Die EZB beließ die Zinsen bereits bei ihrer letzten turnusmäßigen Sitzung vom 25. bis zum 26. Oktober unverändert. Im jüngsten Protokoll zu dieser Rats-Sitzung wurden jedoch weitere Leitzinserhöhungen bei Bedarf über das Niveau von 4,5 Prozent (Hauptrefinanzierungssatz) hinaus in Aussicht gestellt. Jetzt die verbale Relativierung: Laut Lagarde kann die EZB nun die Auswirkungen ihrer Zinserhöhungen erst einmal tatenlos beobachten und sie eröffnet sogar die Möglichkeit von Zinssenkungen.
Zinsgipfel auch in der Euro-Zone erreicht?

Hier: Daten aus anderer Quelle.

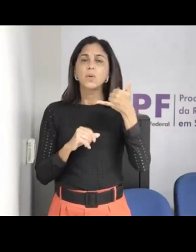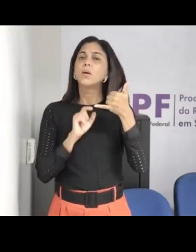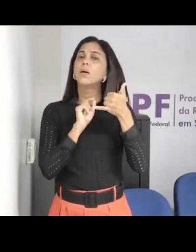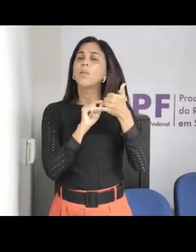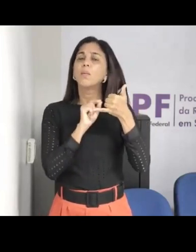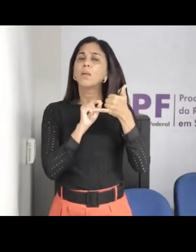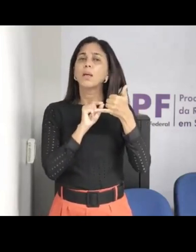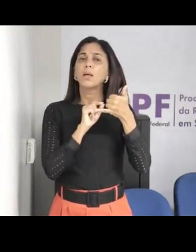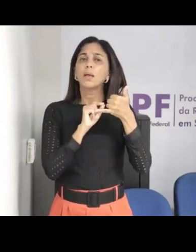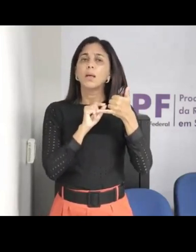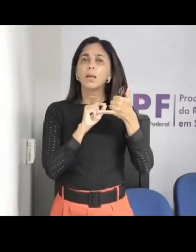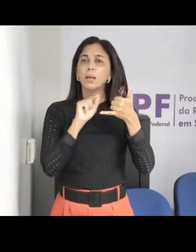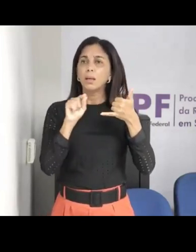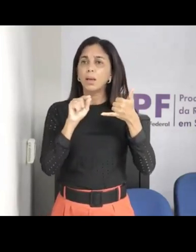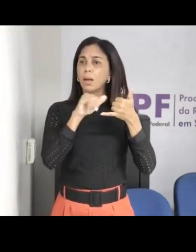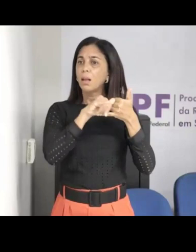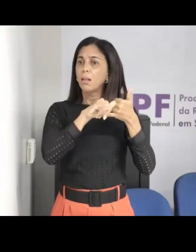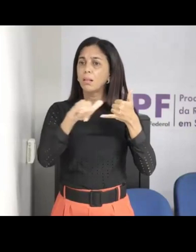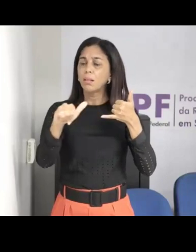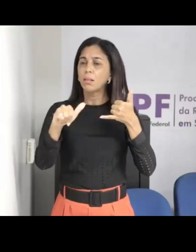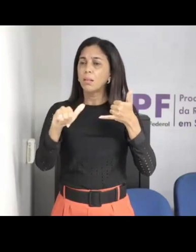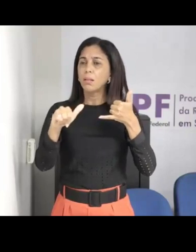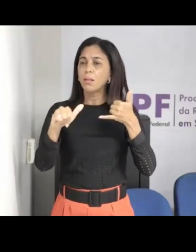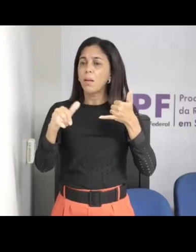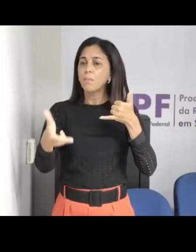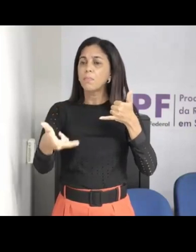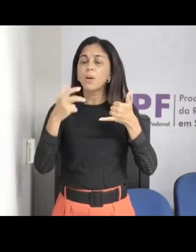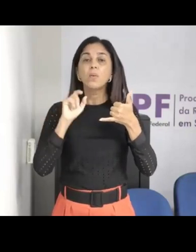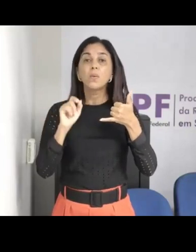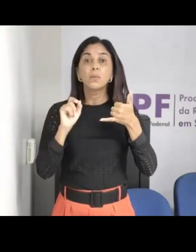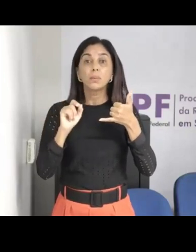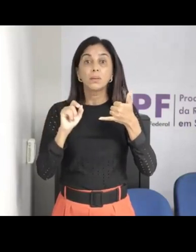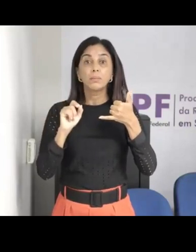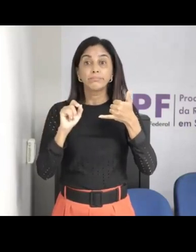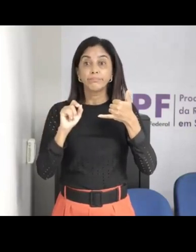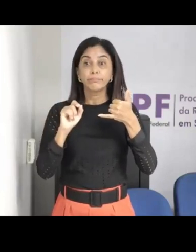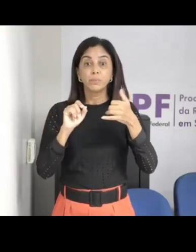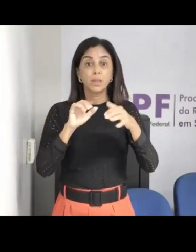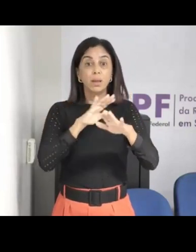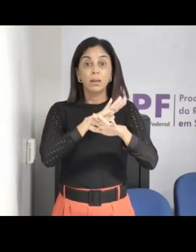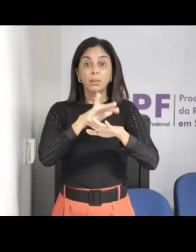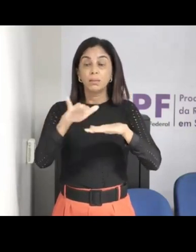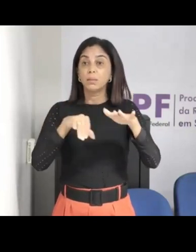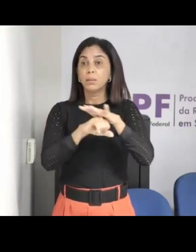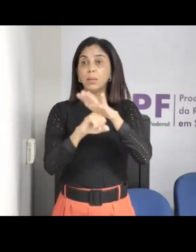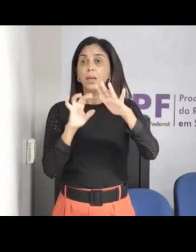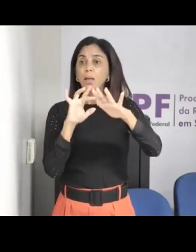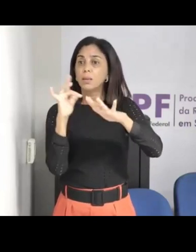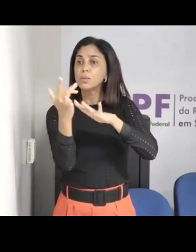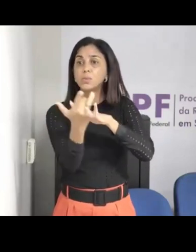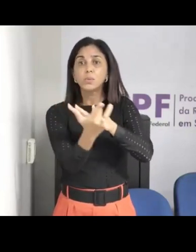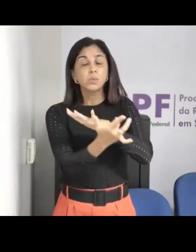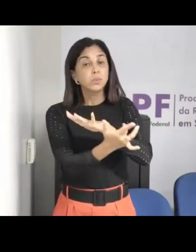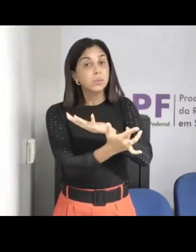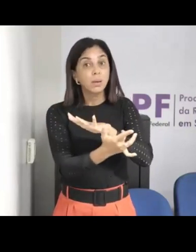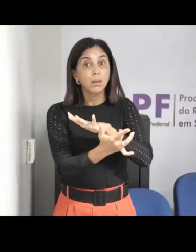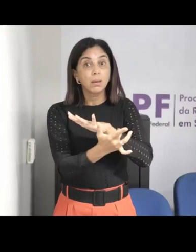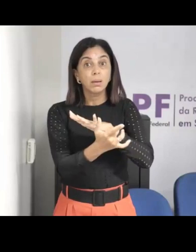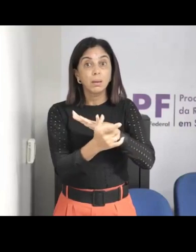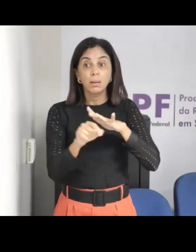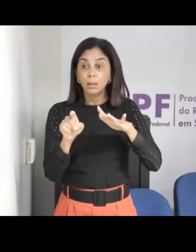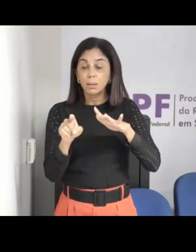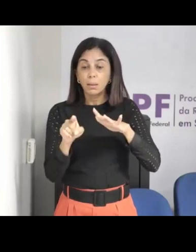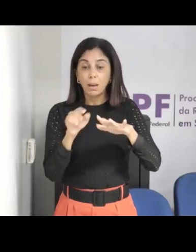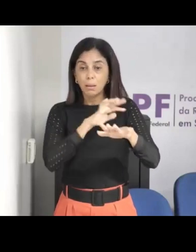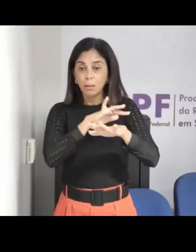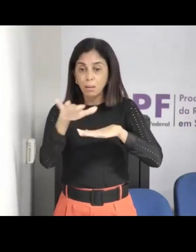gente recebe hoje no Disque 100 é de violência sexual online, ela falou, ultrapassou a violência presencial, e

Nach den Worten von Präsidentin Christine Lagarde ist die Europäische Zentralbank (EZB) nun an einem Punkt angelangt, an dem sie innehalten und die Auswirkungen ihrer Straffungspolitik bei den Zinsen abwarten kann, so Bloomberg News am Freitag: „Wir haben schon sehr viel getan“, sagte Lagarde (Anmerk. der Redaktion: zur Bekämpfung der Inflation). „Angesichts der Menge an geldpolitischer Munition, die wir verbraucht haben, können wir die Komponenten unseres Lebens wie Gehälter, Gewinne, steuerliche und geopolitische Entwicklungen und sicherlich auch die Art und Weise, wie sich unsere Maßnahmen auf unser Wirtschaftsleben auswirken, sehr aufmerksam beobachten, um zu entscheiden, wie viel Zeit wir haben, die Zinsen unverändert zu belassen und welche Entscheidung wir treffen müssen – nach oben oder unten.“
FMW dazu: „Mit dem Zusatz „nach unten“ kommen auf einmal auch Zinssenkungen, zumindest verbal, wieder ins Spiel. Das würde bedeuten, dass auch in der Euro-Zone der Zinsgipfel erreicht sein könnte und weicht von der hawkishen Sprachwahl des erst am Donnerstag veröffentlichten Protokolls zur letzten EZB-Ratssitzung ab. Doch die Märkte schenkten den Aussagen im Protokoll ohnehin wenig Glauben.“ Seit Ende Oktober liegen die Leitzinsen der EZB bereits auf Eis. Sie befänden sich nun auf einem Niveau, so Lagarde, das dazu beitragen werde, die Inflation wieder auf das Ziel von 2 Prozent pro Jahr zu bringen, wenn es lange genug beibehalten werde.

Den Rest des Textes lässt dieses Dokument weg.